We planned for my parents Hajj and things got better. I still couldn’t trust him and kept him at arms length. The saying, “I trust you as far as I can throw you” became very true for me at that time, so for him it was no friends, or limited outings with them, and no more money to support his lifestyle even when unemployed.


My parents left for Hajj, and it was a blessing. Now we had to run the house, and without my knowledge, my husband bought food on credit. When it was Eid, he made seafood dishes for Eid lunch. It was excessive to say the least. In the evening, friends showed up and we dished out the leftover food. They were speaking about the food sold on credit by this single mother. I held my anger because I was the one who had to pay for it. And we owed her hundreds! The next day, I went to her and told her not to give anything to my husband unless I approve it because I am the one paying for it. Never in my life did we eat on credit, and I wasn’t about to start now!

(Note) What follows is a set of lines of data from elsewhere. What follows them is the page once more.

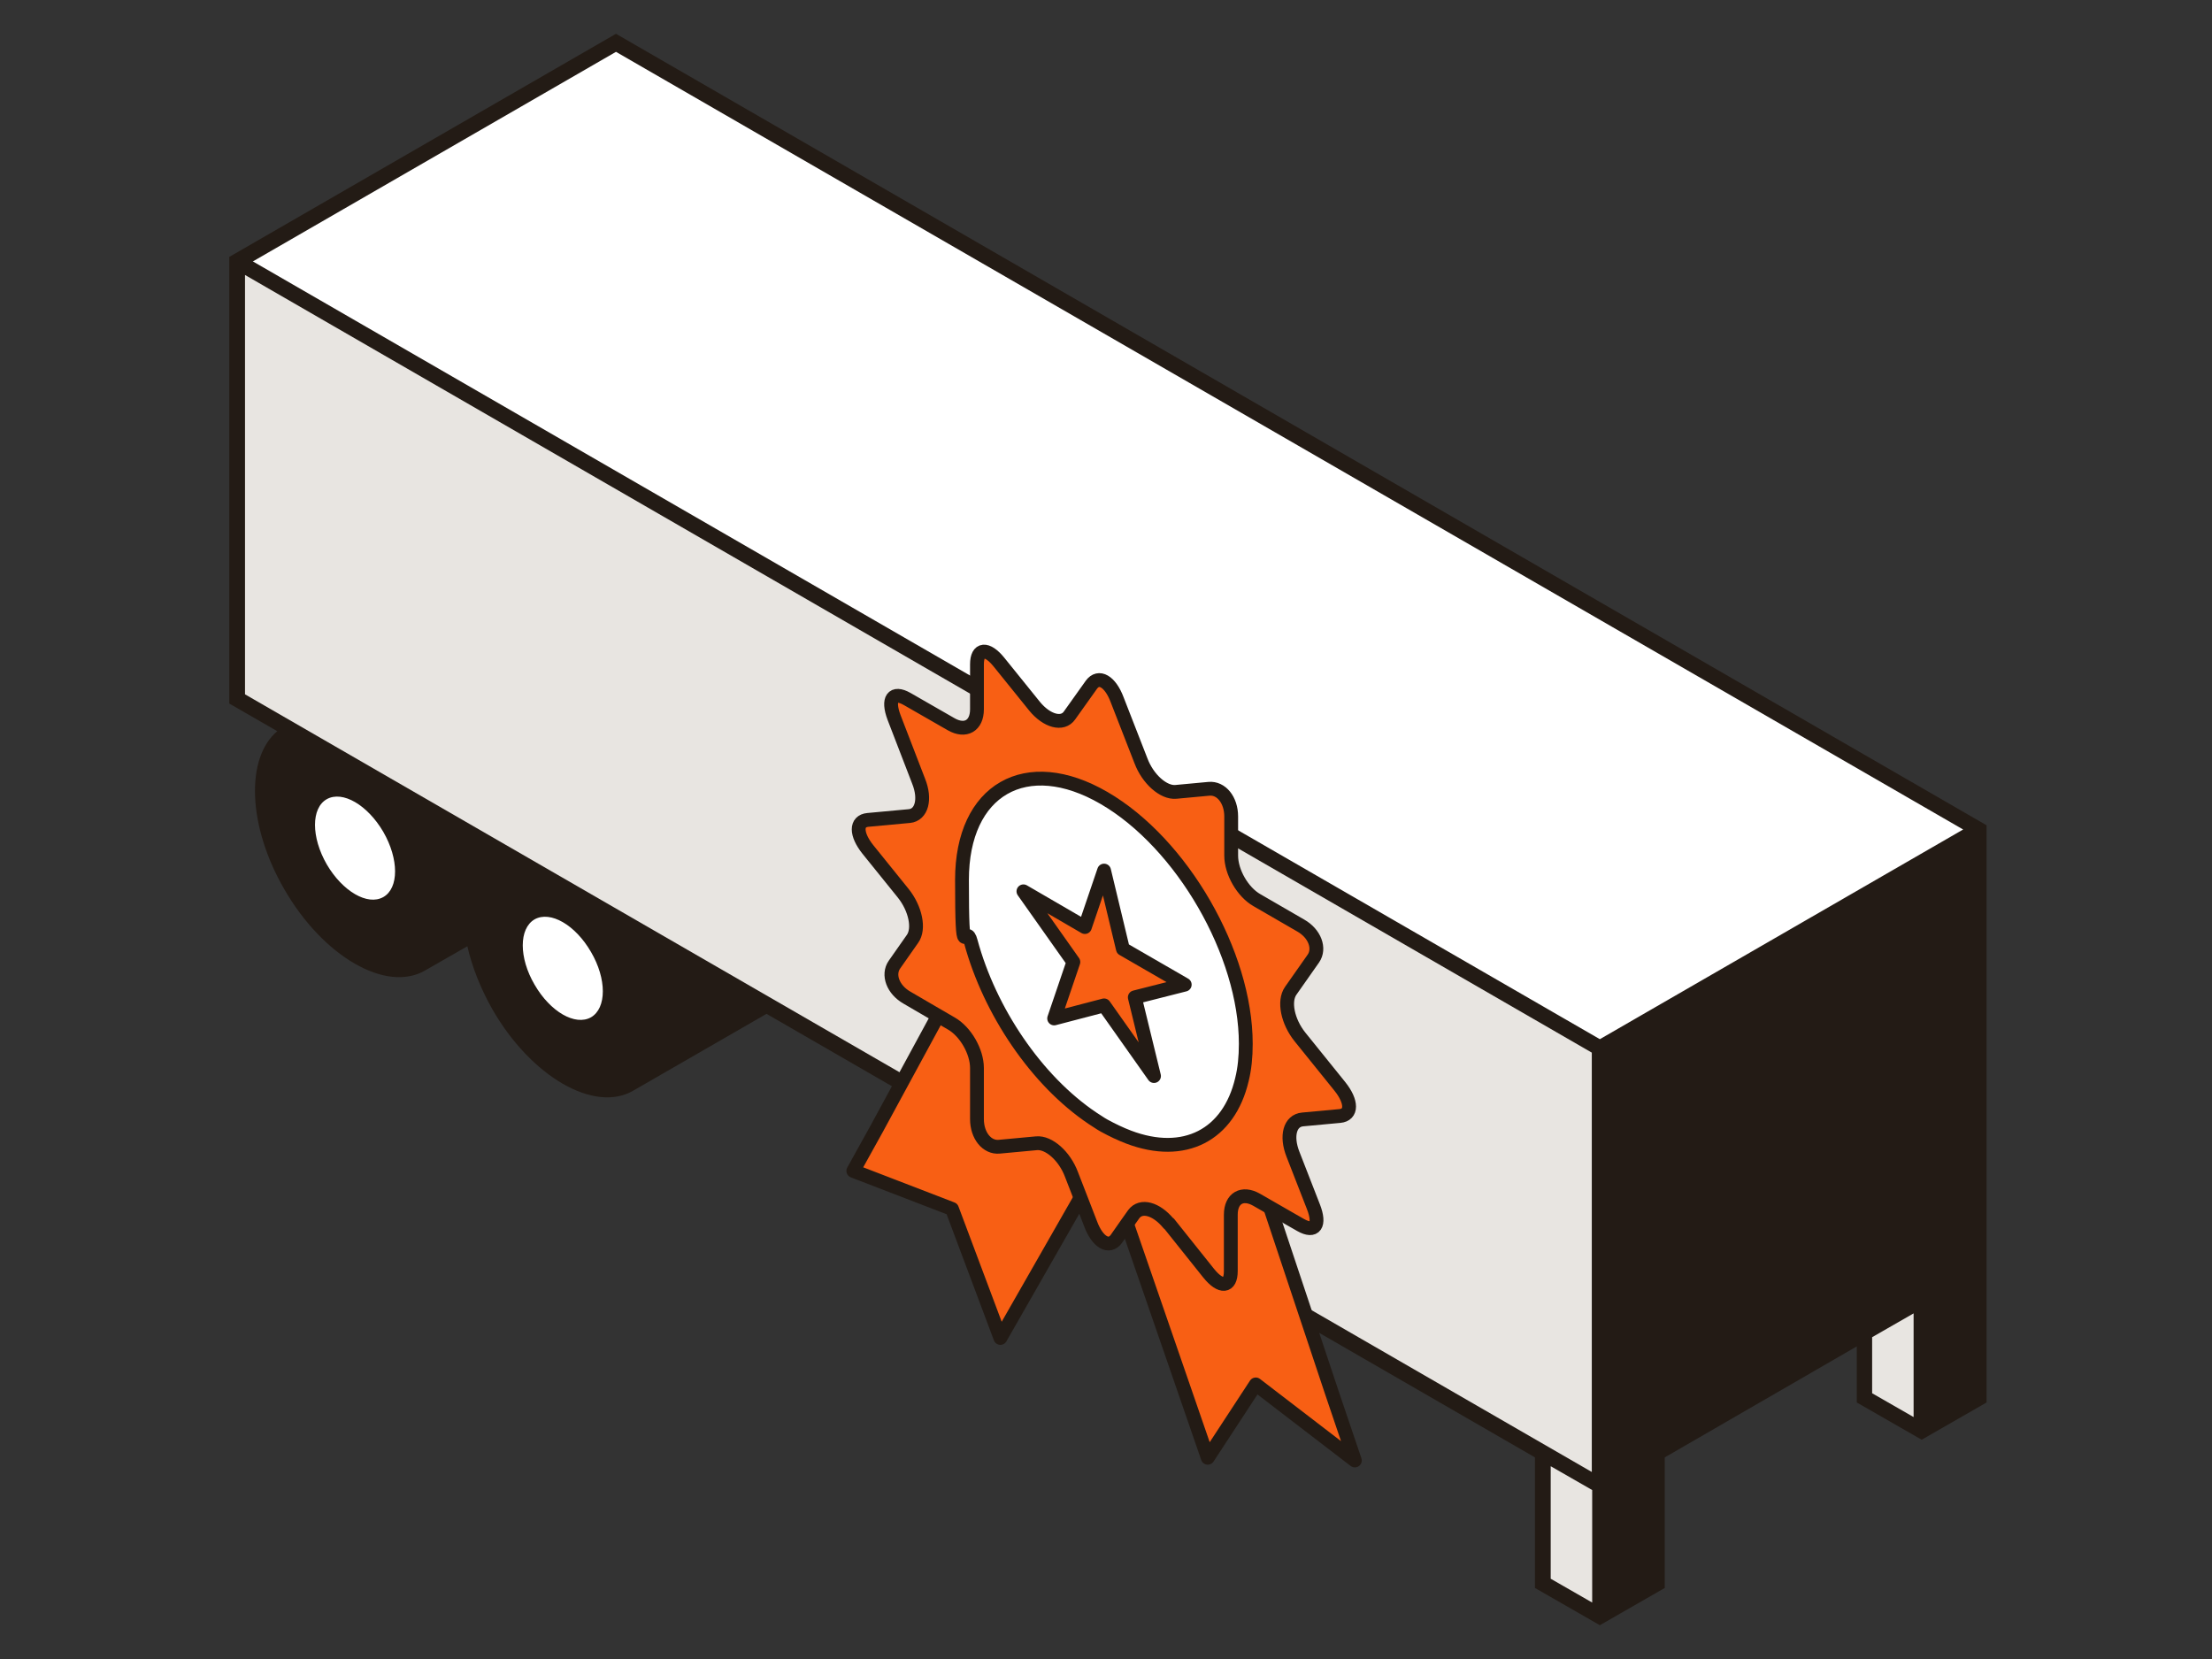 <?xml version="1.0" encoding="UTF-8"?>
<svg id="Illustrations" xmlns="http://www.w3.org/2000/svg" version="1.1" viewBox="0 0 576 432">
  <rect x="0" y="0" width="576" height="432" fill="#333333" stroke="none"/>
  <!-- Generator: Adobe Illustrator 29.3.0, SVG Export Plug-In . SVG Version: 2.1.0 Build 146)  -->
  <defs>
    <style>
      .st0 {
        fill: #f85f14;
      }

      .st0, .st1 {
        stroke: #231b15;
        stroke-linecap: round;
        stroke-linejoin: round;
        stroke-width: 3.6px;
      }

      .st2 {
        fill: #231b15;
      }

      .st3 {
        fill: #e8e5e1;
      }

      .st4, .st1 {
        fill: #fff;
      }
    </style>
  </defs>
  <path class="st2" d="M160.4,8.8l-100.7,58.1v116.3l12.5,7.2c-8.3,7-7.7,24.7,1.8,41.1,10.1,17.6,26.6,27.1,36.7,21.2l11-6.3c1.2,5.3,3.4,10.9,6.5,16.4,10.1,17.6,26.6,27.1,36.7,21.2l34.7-20,200.1,115.5v34l16.9,9.7,16.9-9.7v-34l50-28.9v14.6l16.9,9.7,16.9-9.7v-150.3L160.4,8.8Z"/>
  <path class="st4" d="M153.9,247.9c4.1,7,4.1,14.6,0,17-4.1,2.3-10.6-1.4-14.7-8.5-4.1-7-4.1-14.6,0-17,4.1-2.3,10.6,1.4,14.7,8.5ZM85.1,208.1c-4.1,2.3-4.1,9.9,0,17,4.1,7,10.6,10.8,14.7,8.5,4.1-2.3,4.1-9.9,0-17-4.1-7-10.6-10.8-14.7-8.5h0ZM65.9,68.1l350.7,202.5,94.6-54.6L160.4,13.5l-94.6,54.6Z"/>
  <path class="st3" d="M403.8,411.1l10.8,6.2v-29.3l-10.8-6.2v29.3ZM63.8,180.8l350.7,202.5v-109.2L63.8,71.6v109.2ZM498.3,342v27l-10.8-6.2v-14.6l10.8-6.2h0Z"/>
  <polygon class="st0" points="346.7 362.3 325.7 299.3 290.4 309.8 314.5 379.6 327 360.5 352.8 380.3 346.7 362.3"/>
  <polygon class="st0" points="228.3 293.9 249.3 255.2 284.5 306.4 260.5 348.4 247.9 314.8 222.2 304.9 228.3 293.9"/>
  <path class="st0" d="M304.4,318.6l10.3,12.9c3.2,4,5.8,3.7,5.8-.5v-14.7c0-4.3,3-6,6.7-3.9l8.7,5,2.8,1.6c3.7,2.1,5.2,0,3.3-4.8l-5.3-13.6c-1.9-4.8-.8-8.8,2.5-9.1l9.7-.9c3.2-.3,3.2-3.7,0-7.7l-10.4-12.9c-3.2-4-4.3-9.3-2.4-12l5.9-8.4c1.8-2.6.4-6.5-3.3-8.6l-11.4-6.6c-3.7-2.1-6.7-7.3-6.7-11.6v-10.2c0-4.3-2.6-7.5-5.8-7.2l-8.6.8c-3.2.3-7.3-3.3-9.1-8.1l-6.2-15.9c-1.8-4.8-4.8-6.5-6.7-3.9l-5.7,8c-1.8,2.6-5.9,1.5-9.1-2.4l-9.2-11.4c-3.2-4-5.8-3.7-5.8.5v11.7c0,4.3-3,6-6.7,3.9l-11.5-6.6c-3.7-2.1-5.2,0-3.4,4.8l6.4,16.6c1.9,4.7.8,8.8-2.4,9.1l-10.8,1c-3.2.3-3.2,3.7,0,7.7l9.2,11.4c3.2,4,4.3,9.3,2.4,11.9l-4.7,6.7c-1.8,2.6-.4,6.5,3.3,8.6l4.8,2.8,6.7,3.9c3.7,2.1,6.7,7.3,6.7,11.6v13.3c0,4.3,2.6,7.5,5.8,7.2l9.7-.9c3.2-.3,7.3,3.3,9.1,8.1l3.3,8.5,1.7,4.4c1.8,4.8,4.8,6.5,6.7,3.9l2.8-4,1.7-2.4c1.9-2.6,5.9-1.5,9.1,2.4h0Z"/>
  <path class="st1" d="M324.4,271.8c0-23.5-16.6-52.2-36.9-64s-37-2.2-37,21.3.9,10.7,2.3,16.1c4.9,18.1,17.1,36.2,31.7,46,1,.6,1.9,1.3,3,1.9,2.2,1.2,4.3,2.2,6.4,3,14.5,5.5,26.1-.5,29.5-15,.7-2.8,1-5.9,1-9.3h0Z"/>
  <polygon class="st0" points="292.4 247.1 287.5 226.7 282.5 241.4 266.5 232.1 279.5 250.5 274.5 265.2 287.5 261.8 300.5 280.2 295.5 259.7 308.5 256.4 292.4 247.1"/>
</svg>

My parents returned from Hajj and year-end was approaching. I was still having my husband earn my trust for cheating on me. He tried, he did; he listened. I still didn’t trust him but I was trying as well.


The Tipping Point


On that weekend prior to the first lockdown announcement, my husband got a job away from home. He couldn’t give me more details. This annoyed me as I didn’t feel like it was a good time for him to be away from home. My gut was telling me something was off because he was resistant to giving me information, yet I resigned myself to let him go.


He contacted me for the first time after leaving, four days later. He had misplaced his phone and lockdown restrictions meant that he couldn’t travel. He used someone’s phone and called a number he found on himself – our next door neighbour’s number. The neighbour delivered the message to me - my husband is sorry, he lost his phone and will be home soon. I lost my cool! Not only did we not know where he was, who he was with, who he was working, how he even got the job and how much he was to be paid, but he lost his phone and didn’t know my number after a decade!


When he came home, I was at my last wits because I simply couldn’t trust him even if what he said was true. He was aware that I could no longer endure what he was doing in our marriage, so he packed his things and said that our son must come with him. I convinced him to let the boy stay to diminish the disruption to the boy’s life, and this resulted in our son staying with me.


What I’ve learnt


My advice pertaining to this experience is that when you have standards, it may seem to others that you are picky or full of nonsense, but don’t let that lower your standards ever, and don’t settle for less than what you want for yourself.